陛下もヒースも私も何も話さず食事を終えた。
「お茶はいかが致しますか?」
「今日は、チョコレートを持って来た」
「ローズが好きでしたね。濃い紅茶にしましょう」
ティーカップの湯気を見ながら少しまえの記憶を振り返った。
筆頭魔術師に就任してからも吸入薬の複製は上手くいかなかった。
そのことに対してローズは何も言わなかった。
ローズは、2月の終わりに風邪を引き、それをきっかけに何らかの病気を併発した。嫌な熱と紅斑が出はじめ、ローズの容態は芳しくなかった。
そんな時……刀剣様の導きで、私はローズに結婚を申し込み、ローズから承諾の返事を得た。
その後、ローズは高熱にうなされ、一時は危なかった。
ローズが「頭が北極」と言った日を境にローズはみるみる回復した。
春にはいつもの凛としたローズに戻った。
4月にエティエンヌ公爵邸の家具を二人で探そうとローズが言い出した。
カーテンはすぐに決まった。ラグマットとソファーを2カ月かけて探し、王都中の家具店を巡りやっと見つけた。見つけた時は、二人で手を取り合って喜んだ。
それから、ソファーに合うサイドテーブルを買った。
ティーセットは、以前私がローズ用に作らせたものが良いとのことで、食器・カトラリーが揃った。紅茶の葉も二人でブレンドした。
週に1〜2回、エティエンヌ公爵邸でお茶を楽しんだ。
次にローズは、読書用の椅子とクッションと間接照明が欲しいと言い出した。私の読書用の椅子も探した。ローズと同じものにしようとすると「体格が違います、ちゃんと身体にあったものを探しましょう」と怒られた。

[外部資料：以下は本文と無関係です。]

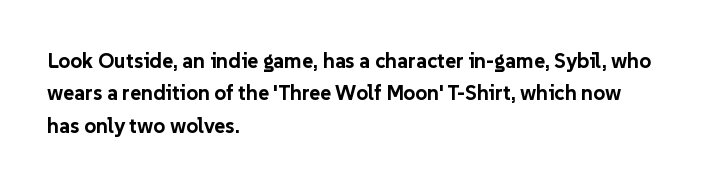
Q: Is the text bold? A: Yes.
Q: Is the text italic (slanted)? A: No, it is upright.
Q: Is the text underlined? A: No.
Q: How is the paragraph aligned? A: Left-aligned.
Q: Is the spacing between letters normal or unusually wide? A: Normal.
Q: Is the spacing between lines tight, normal or loose? A: Normal.

ローズは一点ずつ買って使って、部屋との相性を確認し納得し、次に必要なものを探し始める。ローズの堅実性と妥協しない粘り強さに驚いた。
ゴロゴロ用のラグマット、大きい花瓶、軽食用のダイニングセット、書類机、姿見、コンソール……欲しいものリストも増えていった。まだ全て揃っていない。
私と一緒に街を巡る事をローズは楽しんでくれた。
街を歩き、買い物を楽しみ、ローズと過ごす時間に私は酔いしれた。
王立劇場再建記念式典のレセプションパーティーでのローズは美しかった。
誰よりも大きな喝采をうけて、優雅に微笑む姿が今も浮かぶ。
ローズは劇場襲撃事件の夢をみて時々うなされていたが、それを微塵も感じさせない振る舞いだった。
こけら落とし公演の上演初日は、記念式典と違ったドレスで注目を集めた。
式典と天覧上演以外の日もローズは劇場に通った。
ローズは、公式の時はクラッシックを意識し、非公式の時は軽快でフェミニンなイメージにしていた。オンオフをはっきりさせた装いだが、どちらにも共通して品の良さが漂っていた。
公演は大盛況だった、全日のチケットにプレミアムがついた。頻繁に劇場に通う、可愛いローズを見るためだ。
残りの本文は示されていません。